I received a free advance review copy from the publisher, via Netgalley.
It is June, 1944. Richard Oppenheimer, once a successful homicide detective inspector with the Berlin Kriminalpolizei, was forced off because he is Jewish. He has not been deported “to the east,” though, because he is married to a so-called Aryan, Lisa. Along with others in mixed marriages, they live a hand-to-mouth life in a Jewish House apartment building.
Out of the blue, Oppenheimer is told to join an SS officer, Vogler, to investigate a series of brutal murders of women. It’s a shock to his system, being able to be out and about in Berlin and working with the powerful. He sees the rapacious acquisitiveness of the Nazi elite, the foreign workers doing much of the labor and, most of all, the transformation wreaked on the city in these waning months of the war. The city is bombarded daily, turning it into a landscape of ruins, smoke and death.
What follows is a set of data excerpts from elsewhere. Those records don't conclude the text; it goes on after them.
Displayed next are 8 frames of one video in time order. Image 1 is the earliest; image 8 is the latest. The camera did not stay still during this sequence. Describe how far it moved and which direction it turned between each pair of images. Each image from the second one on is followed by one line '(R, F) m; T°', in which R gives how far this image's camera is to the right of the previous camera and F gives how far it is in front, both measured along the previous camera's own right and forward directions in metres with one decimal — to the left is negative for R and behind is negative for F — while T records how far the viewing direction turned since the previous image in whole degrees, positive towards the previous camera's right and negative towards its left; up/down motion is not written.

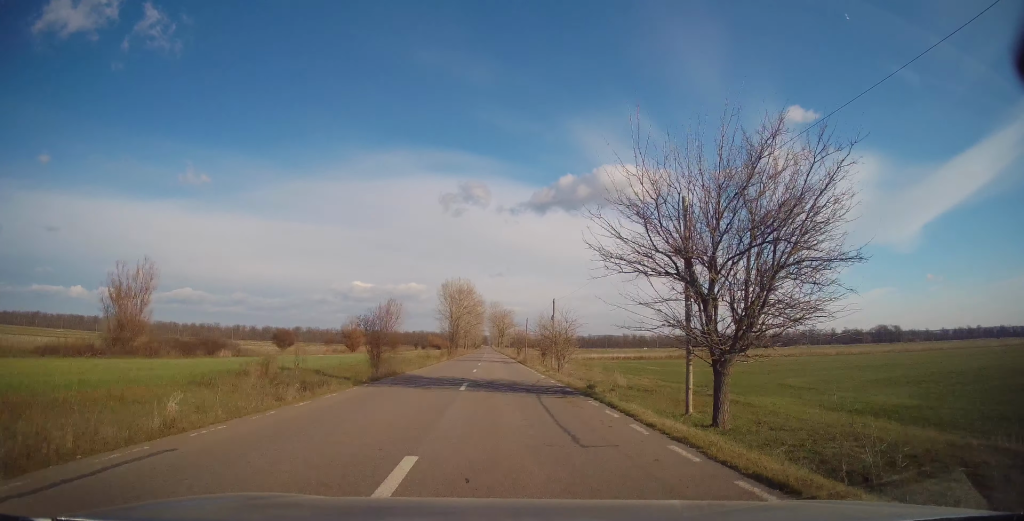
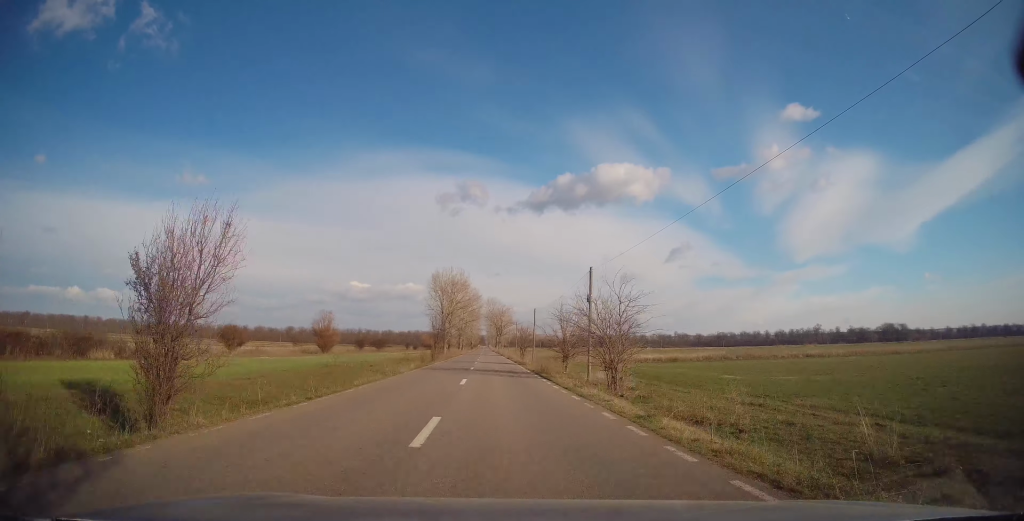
(0.0, +20.1) m; -1°
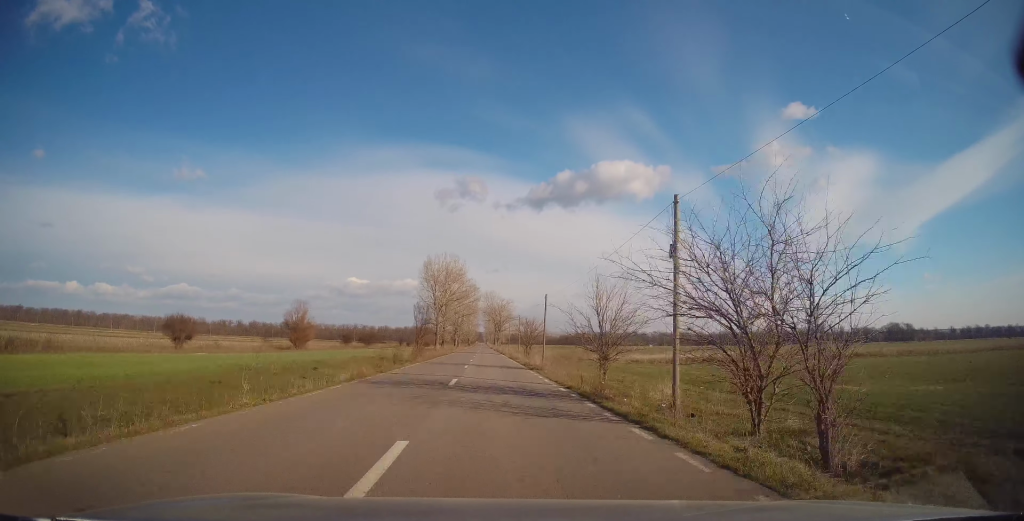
(-0.2, +14.0) m; -1°
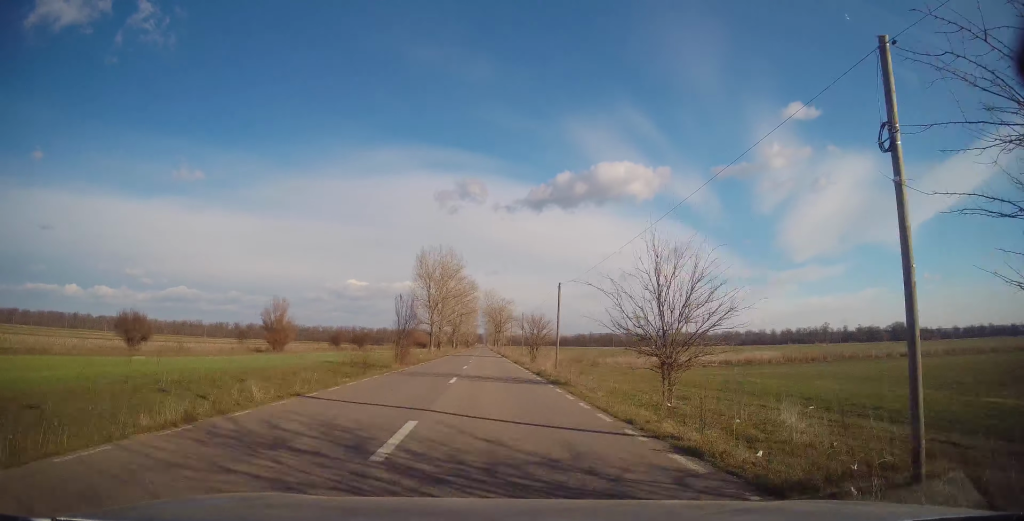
(0.0, +10.2) m; 0°
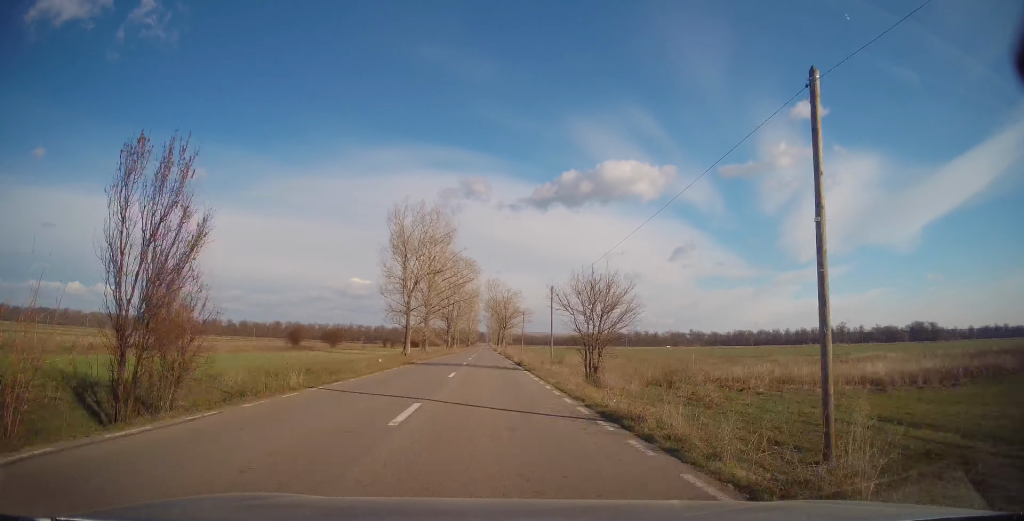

There are rumors of the D-Day invasion, and Germans seem to know that the Third Reich will fall far short of its promised thousand years.
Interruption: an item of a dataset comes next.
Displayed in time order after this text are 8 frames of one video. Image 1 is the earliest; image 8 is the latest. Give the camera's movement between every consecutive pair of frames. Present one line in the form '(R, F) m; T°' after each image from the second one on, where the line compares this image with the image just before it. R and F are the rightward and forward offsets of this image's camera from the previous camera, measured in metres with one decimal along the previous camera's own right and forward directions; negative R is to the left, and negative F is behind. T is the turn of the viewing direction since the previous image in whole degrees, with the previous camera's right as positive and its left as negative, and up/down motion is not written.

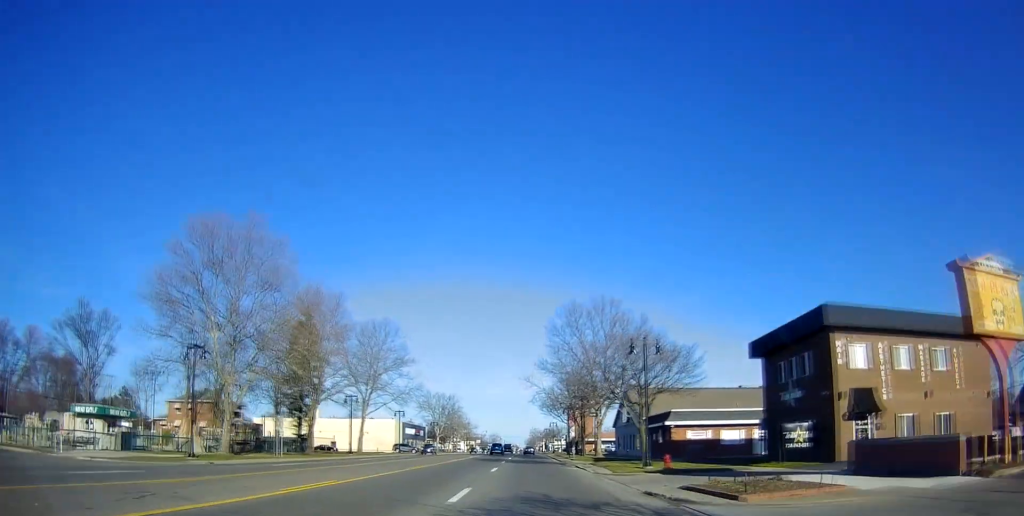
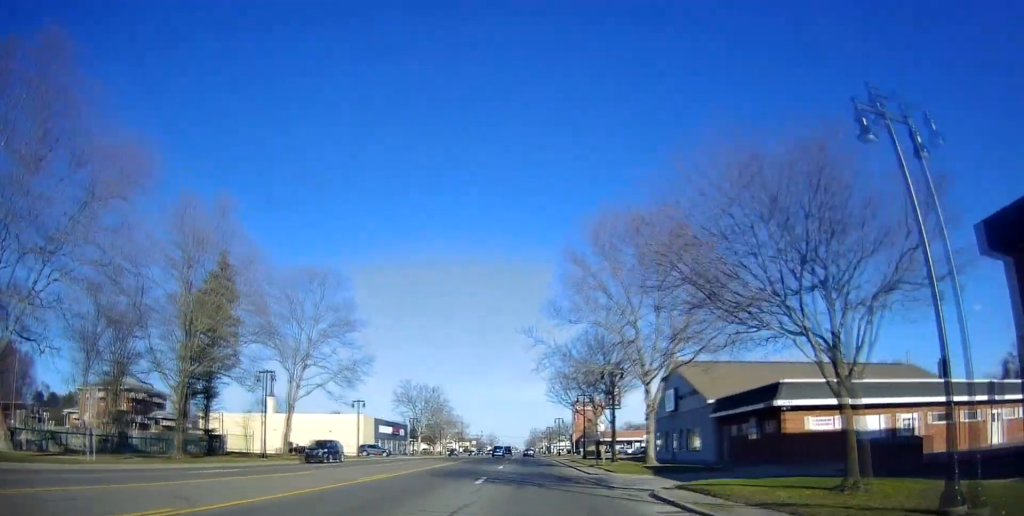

In this bizarre time and place, a serial killer must be stopped, to protect public morale. Oppenheimer’s methods are classic police procedural stuff. As in many serial killer novels, we have some passages from the point of view of the killer. They’re not nearly as interesting as Oppenheimer’s story, but fortunately they take up only a small proportion of the book.
Harald Gilbert is a German writer of WW2 history, and this is a translation of his (first?) novel. The translation is good, though not always entirely smooth.
There is one thing that puzzled me about this book. A couple of times while he’s out on his new official duties, Oppenheimer runs into people who know him and know that he’s Jewish. When they ask how he can be working as a detective (or anything, for that matter) in Nazi Berlin, he tells them he converted. This doesn’t make sense, since Nazis considered Jewishness to be an immutable racial category, not merely a religious faith. And Harald Gilbert, as a historian of the period, must surely know that.
I can’t help assessing any novel about homicide in the Nazi era to the Bernie Gunther series by the late Philipp Kerr. Does this book meet that standard? No, it’s not quite as good at painting an entire world, rich with historic context, and Oppenheimer is, unsurprisingly, not the wisecracking gumshoe that Bernie Gunther is. Still, this is a vivid story, well told, and if Harald Gilbert has more crime fiction to offer, I will happily read it.